Records for this task START
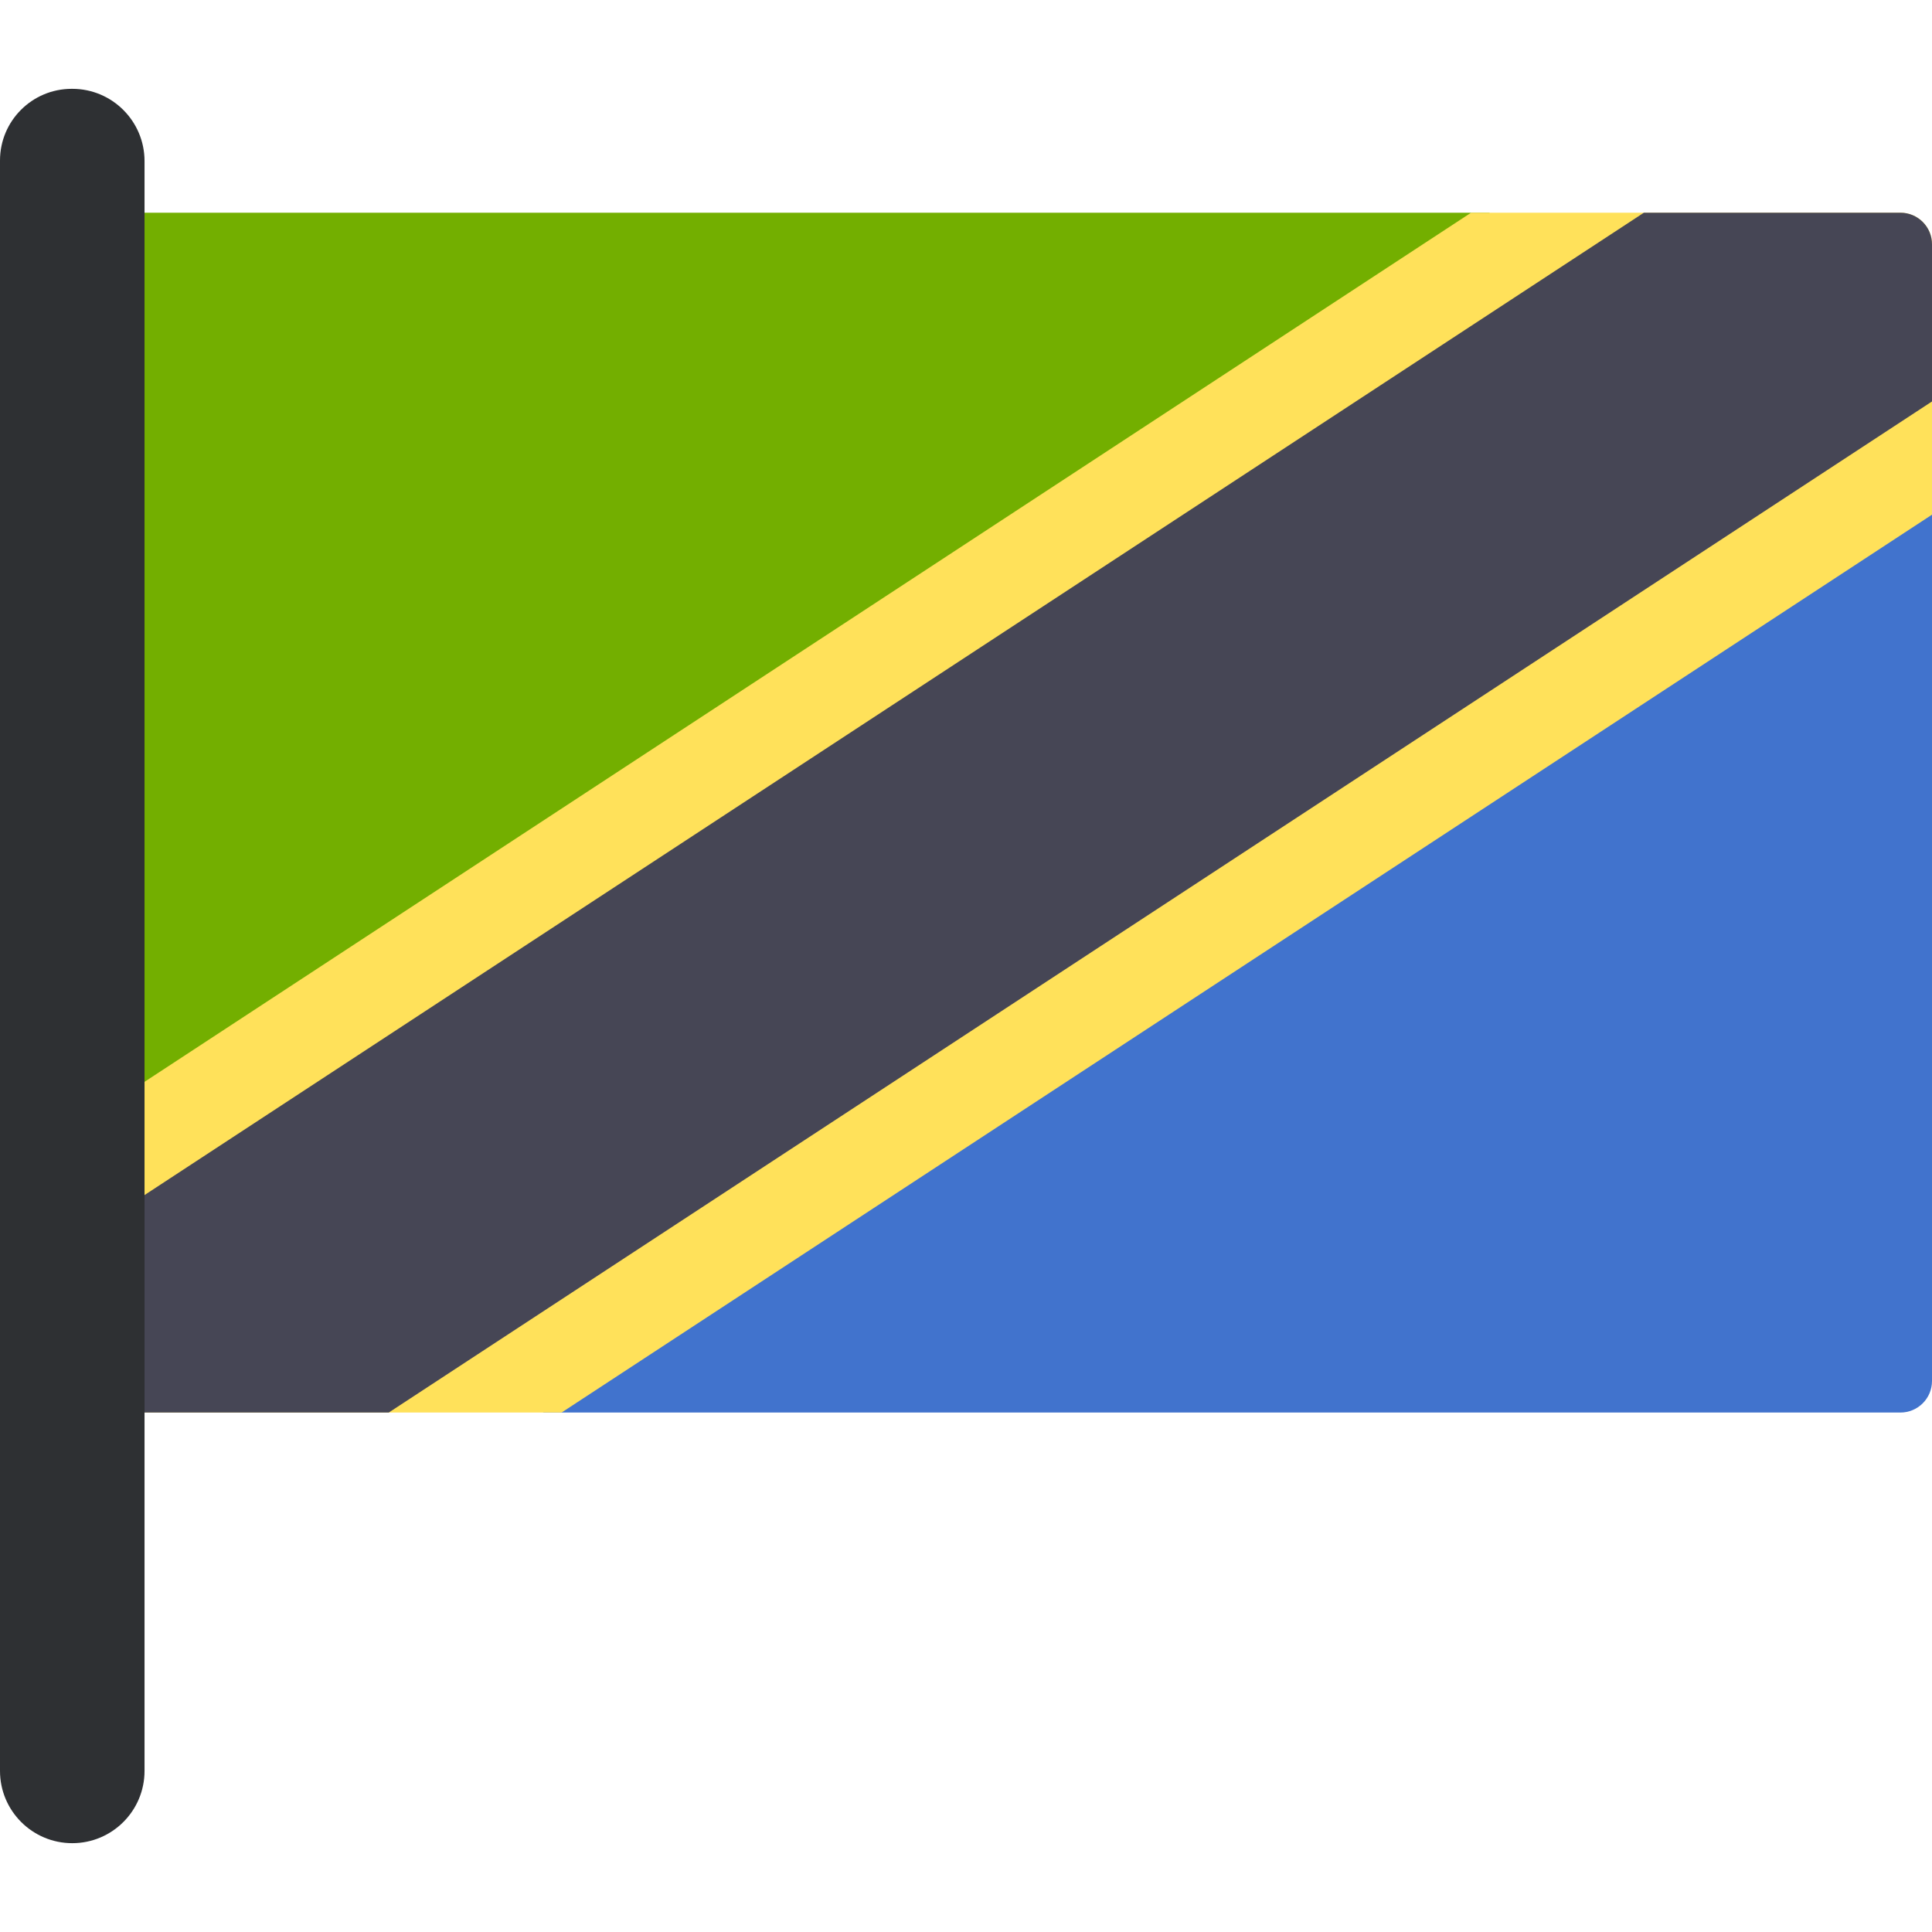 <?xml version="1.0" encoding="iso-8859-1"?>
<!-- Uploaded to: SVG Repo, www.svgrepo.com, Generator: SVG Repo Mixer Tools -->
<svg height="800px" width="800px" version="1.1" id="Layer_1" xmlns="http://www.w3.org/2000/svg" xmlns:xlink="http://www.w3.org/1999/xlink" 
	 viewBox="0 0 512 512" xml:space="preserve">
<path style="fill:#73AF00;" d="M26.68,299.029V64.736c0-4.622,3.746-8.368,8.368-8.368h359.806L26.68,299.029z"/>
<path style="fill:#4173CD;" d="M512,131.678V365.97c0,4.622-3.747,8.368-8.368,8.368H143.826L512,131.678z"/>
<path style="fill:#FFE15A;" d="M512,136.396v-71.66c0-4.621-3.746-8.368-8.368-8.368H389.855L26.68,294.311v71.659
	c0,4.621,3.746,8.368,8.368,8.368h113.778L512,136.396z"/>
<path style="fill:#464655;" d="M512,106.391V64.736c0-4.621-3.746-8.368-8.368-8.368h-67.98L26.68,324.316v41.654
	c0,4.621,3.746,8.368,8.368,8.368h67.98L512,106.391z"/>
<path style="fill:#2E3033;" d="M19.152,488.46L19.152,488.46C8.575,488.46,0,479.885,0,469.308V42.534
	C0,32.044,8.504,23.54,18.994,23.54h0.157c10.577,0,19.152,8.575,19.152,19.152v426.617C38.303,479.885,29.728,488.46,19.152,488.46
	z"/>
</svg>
Records for this task END
Could you please write out the entries exactly as they are, with every picture left out?

 <?xml version="1.0" encoding="iso-8859-1"?>
<!-- Uploaded to: SVG Repo, www.svgrepo.com, Generator: SVG Repo Mixer Tools -->
<svg height="800px" width="800px" version="1.1" id="Layer_1" xmlns="http://www.w3.org/2000/svg" xmlns:xlink="http://www.w3.org/1999/xlink" 
	 viewBox="0 0 512 512" xml:space="preserve">
<path style="fill:#73AF00;" d="M26.68,299.029V64.736c0-4.622,3.746-8.368,8.368-8.368h359.806L26.68,299.029z"/>
<path style="fill:#4173CD;" d="M512,131.678V365.97c0,4.622-3.747,8.368-8.368,8.368H143.826L512,131.678z"/>
<path style="fill:#FFE15A;" d="M512,136.396v-71.66c0-4.621-3.746-8.368-8.368-8.368H389.855L26.68,294.311v71.659
	c0,4.621,3.746,8.368,8.368,8.368h113.778L512,136.396z"/>
<path style="fill:#464655;" d="M512,106.391V64.736c0-4.621-3.746-8.368-8.368-8.368h-67.98L26.68,324.316v41.654
	c0,4.621,3.746,8.368,8.368,8.368h67.98L512,106.391z"/>
<path style="fill:#2E3033;" d="M19.152,488.46L19.152,488.46C8.575,488.46,0,479.885,0,469.308V42.534
	C0,32.044,8.504,23.54,18.994,23.54h0.157c10.577,0,19.152,8.575,19.152,19.152v426.617C38.303,479.885,29.728,488.46,19.152,488.46
	z"/>
</svg>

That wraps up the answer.